Dessa forma, a enxertia in vitro apresenta-se como uma estratégia para a propagação clonal de árvores adultas de Eucalyptus com potencial de aplicação no rejuvenescimento de clones, conforme sugerido em trabalhos com espécies frutíferas (Pliego-Alfaro & Murashige, 1987) e florestais (Kretzschmar & Ewald, 1994; Perrin et al., 1994; Ewald & Kretzschmar, 1996). Segundo Huang et al. (1992), a enxertia in vitro seriada pode ser adotada como técnica de rejuvenescimento, por proporcionar resultados com maior rapidez e eficiência em comparação à enxertia ex vitro, uma vez que propágulos com menores dimensões e mais juvenis são utilizados.

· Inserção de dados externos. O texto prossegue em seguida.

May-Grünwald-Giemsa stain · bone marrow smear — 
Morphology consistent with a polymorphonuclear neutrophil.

Esta técnica, inicialmente estabelecida por Murashige et al. (1972) para plantas cítricas, consiste em enxertar, sob condições assépticas, um meristema ou ápice caulinar obtido de plantas adultas sobre porta-enxertos oriundos de sementes germinadas in vitro.

Resultados satisfatórios da utilização de enxertia in vitro na propagação clonal de espécies frutíferas e florestais são mencionados por Kretzschmar & Ewald (1994), Monteuuis (1994, 1995), Ramanayake & Kovoor (1999), Troncoso et al. (1999), Mneney & Mantell (2001) e Thimmappaiah et al. (2002). Na obtenção de plantas de citrus livres de vírus, entre outros patógenos, Paiva et al. (1993) e Mukhopadhyay et al. (1997) alcançaram sucesso, enfatizando a eficiência da enxertia in vitro na limpeza clonal dessas plantas. Além disso, diversos trabalhos têm sido conduzidos, envolvendo a aplicação da enxertia in vitro em estudos pertinentes à rápida detecção da incompatibilidade em diferentes espécies (Moore, 1984; Gebhardt & Goldbach, 1988; Errea et al., 1994, 2001; Ermel et al., 1997; Errea, 1998; Estrada-Luna et al., 2002).

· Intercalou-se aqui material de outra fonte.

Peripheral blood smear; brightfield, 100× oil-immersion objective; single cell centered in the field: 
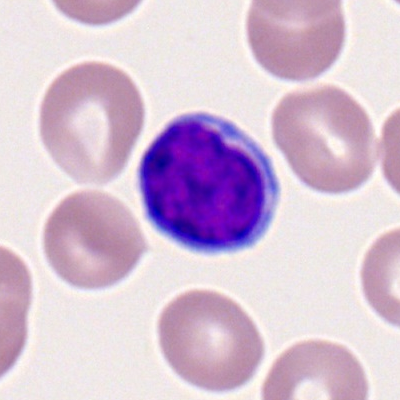 Q: Which cell type is shown here?
A: This is a typical lymphocyte.

Este trabalho objetivou avaliar a eficiência da enxertia in vitro, na propagação de clones de E. urophylla e E. grandis.

Material e Métodos

O trabalho foi desenvolvido no Laboratório de Cultura de Tecidos Vegetais II, do Instituto de Biotecnologia Aplicada à Agropecuária (Bioagro), Universidade Federal de Viçosa.

Foram utilizados dois clones híbridos de E. urophylla e E. grandis provenientes da empresa V&M Florestal Ltda. e sementes dessas espécies, provenientes da região de Mogi Guaçu, SP, da empresa International Paper do Brasil.

Os clones utilizados são materiais genéticos de alta produtividade cujo melhoramento foi direcionado para a produção de celulose e papel. Outros aspectos considerados na seleção dos clones foi o fato de eles se encontrarem previamente estabelecidos in vitro, viabilizando, assim, a obtenção de fonte de explantes para a execução dos experimentos, além de serem de fácil propagação vegetativa, uma vez que o objetivo principal do trabalho consistiu em estabelecer uma metodologia para a enxertia in vitro e não avaliar o enraizamento.

O critério adotado na escolha dos porta-enxertos baseou-se, por sua vez, na proximidade botânica e genética em relação aos clones utilizados como enxertos, de forma a aumentar as chances de sucesso.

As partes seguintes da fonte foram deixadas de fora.